The trial against Chevron in Ecuador began in 2003 in the town of Lago Agrio and ended in February of this year with the judgment, which both sides are appealing. Chevron had heaped lavish praise on Ecuador's court system to move the case to Ecuador out of federal court in New York, where the action was filed in 1993.

During the Ecuador trial and in recent legal efforts in the U.S. to stop enforcement of the judgment, Chevron has characterized meetings between the Ecuadorian citizens suing Chevron and their government officials as a "criminal conspiracy" even though the newly released cables and other memos prove that Chevron also met repeatedly with numerous Ecuadorian government officials to pressure them to illegally intervene in the lawsuit.

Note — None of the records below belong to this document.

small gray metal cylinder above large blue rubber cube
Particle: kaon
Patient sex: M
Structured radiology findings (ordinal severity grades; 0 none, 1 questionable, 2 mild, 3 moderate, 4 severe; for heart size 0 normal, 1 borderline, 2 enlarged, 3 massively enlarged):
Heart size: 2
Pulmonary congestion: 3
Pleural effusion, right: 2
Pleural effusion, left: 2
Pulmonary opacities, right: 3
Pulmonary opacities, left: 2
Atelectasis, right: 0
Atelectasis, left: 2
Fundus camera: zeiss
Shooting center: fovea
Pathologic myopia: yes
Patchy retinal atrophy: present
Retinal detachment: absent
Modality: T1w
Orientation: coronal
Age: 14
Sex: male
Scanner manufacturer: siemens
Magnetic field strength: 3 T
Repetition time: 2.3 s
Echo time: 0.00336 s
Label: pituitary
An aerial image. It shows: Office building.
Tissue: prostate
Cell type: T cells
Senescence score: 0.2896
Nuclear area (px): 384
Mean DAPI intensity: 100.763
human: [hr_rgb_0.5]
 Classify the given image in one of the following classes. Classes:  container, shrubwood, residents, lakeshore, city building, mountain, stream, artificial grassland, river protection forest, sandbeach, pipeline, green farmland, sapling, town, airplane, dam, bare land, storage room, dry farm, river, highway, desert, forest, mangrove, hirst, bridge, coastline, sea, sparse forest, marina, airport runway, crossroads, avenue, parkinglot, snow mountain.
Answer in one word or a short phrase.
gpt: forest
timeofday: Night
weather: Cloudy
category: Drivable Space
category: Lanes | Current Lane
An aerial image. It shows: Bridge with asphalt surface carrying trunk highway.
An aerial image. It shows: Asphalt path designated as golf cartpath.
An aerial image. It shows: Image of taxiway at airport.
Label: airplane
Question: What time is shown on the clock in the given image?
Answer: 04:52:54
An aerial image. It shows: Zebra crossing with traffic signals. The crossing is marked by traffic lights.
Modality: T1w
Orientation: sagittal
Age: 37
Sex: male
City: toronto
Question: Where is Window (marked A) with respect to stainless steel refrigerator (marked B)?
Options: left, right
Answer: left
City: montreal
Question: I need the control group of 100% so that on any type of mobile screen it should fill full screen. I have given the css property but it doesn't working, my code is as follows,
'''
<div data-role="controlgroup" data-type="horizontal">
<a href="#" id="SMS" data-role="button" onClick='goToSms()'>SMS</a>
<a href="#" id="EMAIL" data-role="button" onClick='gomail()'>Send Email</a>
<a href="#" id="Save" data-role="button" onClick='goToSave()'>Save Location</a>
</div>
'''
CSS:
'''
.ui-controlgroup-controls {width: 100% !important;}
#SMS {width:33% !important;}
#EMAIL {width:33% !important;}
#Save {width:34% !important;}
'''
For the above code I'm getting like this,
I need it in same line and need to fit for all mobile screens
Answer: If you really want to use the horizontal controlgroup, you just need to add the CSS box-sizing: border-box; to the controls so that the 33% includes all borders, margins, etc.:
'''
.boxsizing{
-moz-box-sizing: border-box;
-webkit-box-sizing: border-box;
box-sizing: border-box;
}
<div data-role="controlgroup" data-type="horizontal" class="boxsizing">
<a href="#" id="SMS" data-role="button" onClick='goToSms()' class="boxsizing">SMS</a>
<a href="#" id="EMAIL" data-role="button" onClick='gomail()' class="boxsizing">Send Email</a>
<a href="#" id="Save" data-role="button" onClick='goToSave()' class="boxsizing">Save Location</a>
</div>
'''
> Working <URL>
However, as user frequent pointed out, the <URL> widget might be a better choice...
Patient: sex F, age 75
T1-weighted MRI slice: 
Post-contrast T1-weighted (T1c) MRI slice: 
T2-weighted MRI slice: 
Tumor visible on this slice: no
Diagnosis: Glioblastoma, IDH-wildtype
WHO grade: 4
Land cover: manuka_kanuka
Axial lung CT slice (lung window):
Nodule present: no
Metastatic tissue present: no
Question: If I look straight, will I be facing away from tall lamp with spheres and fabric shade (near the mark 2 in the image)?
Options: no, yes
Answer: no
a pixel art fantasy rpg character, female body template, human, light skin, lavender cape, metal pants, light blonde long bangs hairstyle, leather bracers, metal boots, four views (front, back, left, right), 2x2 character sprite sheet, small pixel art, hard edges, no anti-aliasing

On multiple occasions since 2006, Chevron has tried to interfere with the environmental case by using its Washington lobbyists to try to press the Bush and then Obama Administrations to cancel Ecuador's trade preferences in retaliation for the lawsuit, even though Chevron wanted the case to be held in Ecuador.

Chevron's efforts to undermine the case were extraordinary, Hinton added. During the nine years of litigation in Ecuador, Chevron also sought to recuse every judge who presided over the case, threatened judges with jail time if they did not rule in favor of the company, and took out paid newspaper advertisements criticizing judicial officers and adversary counsel. Two Chevron lawyers were also sanctioned for filing frivolous motions, including 18 in one 30-minute period in 2010.

In recent years the company has stripped all assets from Ecuador, forcing the plaintiffs to consider lawfully enforcing their judgment in the many countries around the world where the oil giant operates. On Monday, a U.S. federal appeals court in New York lifted an injunction barring Americans from enforcing the Ecuador judgment, clearing the way for collection actions to commence if the Ecuador appellate court affirms the trial court judgment.